Mais il savait que ses lèvres n’avaient bougé que pour lancer un vague salut, et lorsqu’il la vit comme hypnotisée par la salamandre sur son bras et le cercle au phénix sur sa poitrine, il reprit la parole.

« Mais bien sûr, dit-il, vous êtes nouvelle dans le voisinage, n’est-ce pas ?

— Et vous devez être... » Elle détacha ses yeux des insignes professionnels. « ... le pompier. » Sa voix s’éteignit.

« Vous avez dit ça d’une drôle de voix.

— Je... je l’aurais deviné les yeux fermés, dit-elle posément.

— Ah... l’odeur du pétrole ? Ma femme s’en plaint tout le temps, dit-il en riant. Impossible de la faire disparaître complètement.

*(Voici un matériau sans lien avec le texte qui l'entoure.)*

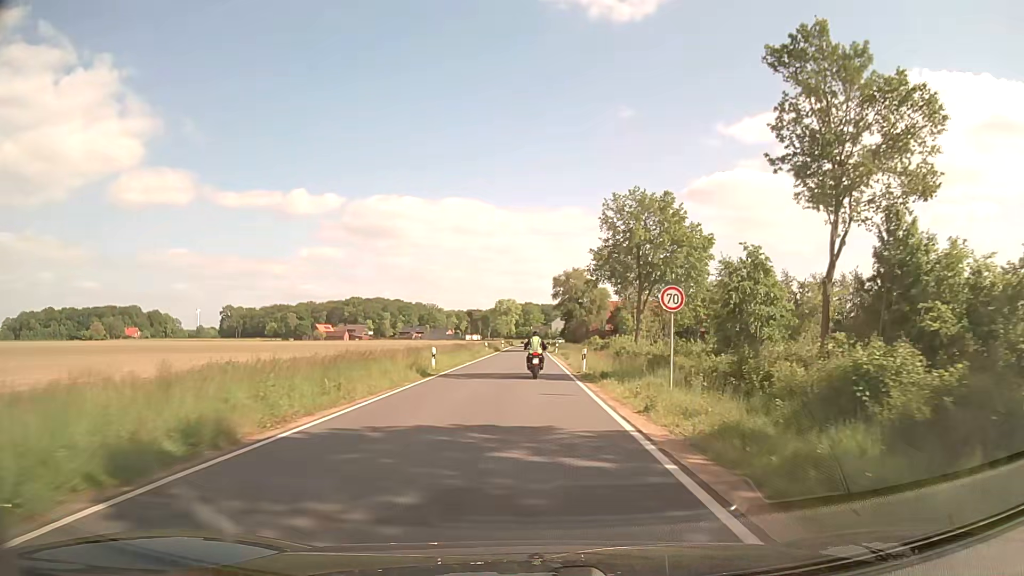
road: secondary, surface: asphalt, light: Day
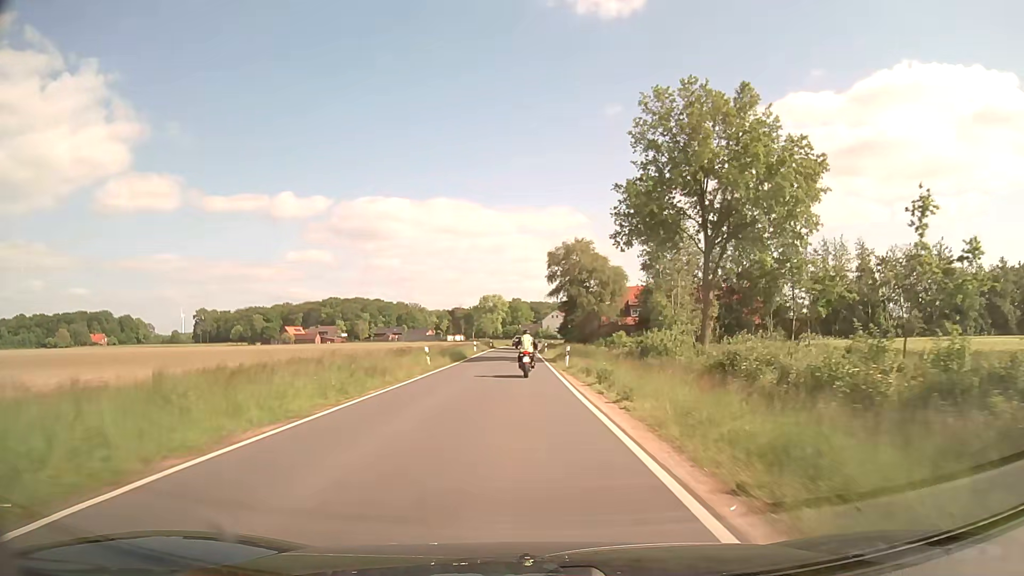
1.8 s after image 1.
(+0.3, +31.8) m; +1°
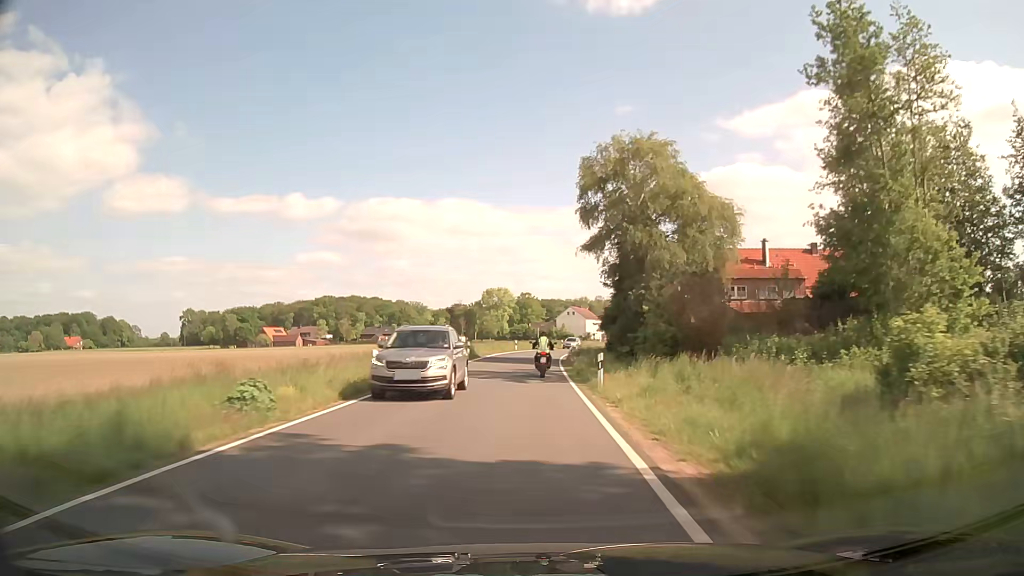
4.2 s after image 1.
(-0.3, +41.9) m; -1°
(0, +10) (0, +20) (0, +30) (0, +40) (+1, +50) (+2, +60) (+3, +70) (+5, +80) (+8, +89) (+11, +99) m

— Effectivement », fit-elle, intimidée.

Il avait l’impression qu’elle tournait autour de lui, l’examinant sur toutes les coutures, le secouait calme ment, vidait ses poches, sans qu’elle eût à effectuer le moindre mouvement.

« Le pétrole, dit-il pour rompre le silence qui se prolongeait, ce n’est rien qu’un parfum pour moi.

— Vraiment?

— Absolument. Pourquoi pas ? » Elle s’accorda un instant de réflexion. «Je ne sais pas. » Elle regarda le trottoir dans la direction de leurs maisons. « Ça ne vous dérange pas si je m’en retourne avec vous ? Je m’appelle Clarisse McClellan.

— Clarisse. Guy Montag. Allons-y. Qu’est-ce que vous fabriquez dehors à une heure aussi tardive ? Quel âge avez-vous ? » Ils avançaient sur le trottoir argenté dans la nuit où soufflaient à la fois le chaud et le frais. Un soupçon d’abricots et de fraises fraîchement cueillis flottait dans l’air ; il regarda autour de lui et se rendit compte que c’était absolument impossible à une époque aussi avancée de l’année.